7) CEA violates § 1692e(4), by sending dunning letters that threaten
post-judgment remedies that CEA does not intend to seek. The facts here
are much the same as above for lawsuits, in that CEA threatens to obtain a
judgment and garnish wages, when it almost never does. These hollow threats
violate the FDCPA, specifically § 1692e(4), which prohibits: the
representation or implication that nonpayment of any debt will result in the
arrest or imprisonment of any person or the seizure, garnishment, attachment
or sale of any property or wages of any person unless such action is lawful
and the debt collector or creditor intends to take such action. Id.
CEA also sends collection letters threatening to execute on judgments,
which it does not intend to do in violation of 15 U.S.C. § 1692e(4) and
(5).
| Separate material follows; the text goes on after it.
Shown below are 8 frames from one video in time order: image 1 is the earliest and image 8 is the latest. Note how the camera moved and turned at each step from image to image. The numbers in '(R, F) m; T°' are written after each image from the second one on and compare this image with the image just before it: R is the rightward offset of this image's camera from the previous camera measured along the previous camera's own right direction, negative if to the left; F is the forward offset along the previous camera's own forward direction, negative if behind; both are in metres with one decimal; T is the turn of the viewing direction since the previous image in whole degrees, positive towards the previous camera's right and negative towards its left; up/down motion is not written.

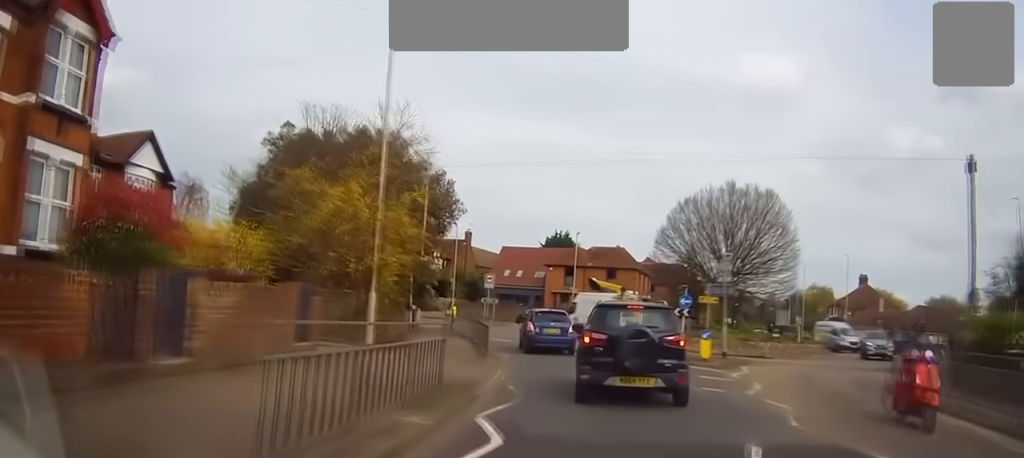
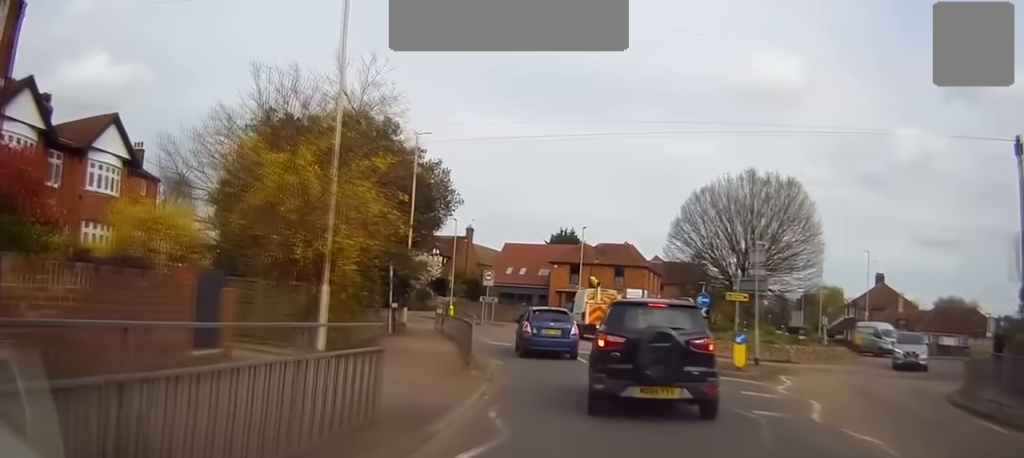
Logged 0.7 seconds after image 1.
(-0.2, +3.3) m; 0°
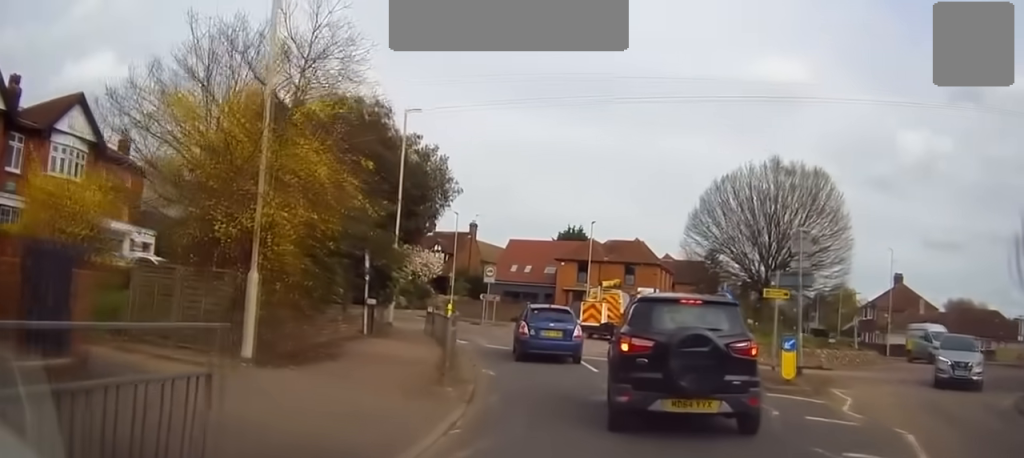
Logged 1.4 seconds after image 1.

Again, empty threats are issued in an attempt to extract money.
The court finds that the letters above also violate the provisions of the
FDCPA dealing with false threats of post-judgment remedies, since they
threaten lawsuits, which imply post-judgment action, or explicitly describe
the post-judgment actions which CEA will take if the consumer does not pay,
for example wage garnishments and bank levies.
8) CEA violates § 1692g(a), by sending initial dunning letters that
do not contain the validation notices required by the statute. The FDCPA
provides that "within five days after the initial communication with a
consumer. . . a debt collector shall send the consumer a written notice
containing [a list of disclosures and notifications.] Newman v CheckRite,
912 F. Supp. at 1381, citing 15 U.S.C. § 1692g. § 1692g(a) of the
FDCPA requires that any letter to a debtor from a debt collector contain a
validation notice which provides: (1) the amount of the debt, (2) the name
of the creditor to whom it is owed, (3) a statement that the debtor has
thirty days within which to dispute the validity of all or a portion of the
debt, after which the debt will be assumed by the debt collector to be
valid, (4) the debtor's right to obtain written verification of the debt
or a copy of the judgment, and (5) a statement that the debt collector will
provide the name and address of the original creditor, upon written request
by the debtor. Id.
Validation requirements are strictly construed under the "least
sophisticated consumer" standard. Baker, 677 F.2d at 778. (Validation notice
insufficient because debt collector did not explicitly inform debtor of
right to contest a portion of the alleged debt.)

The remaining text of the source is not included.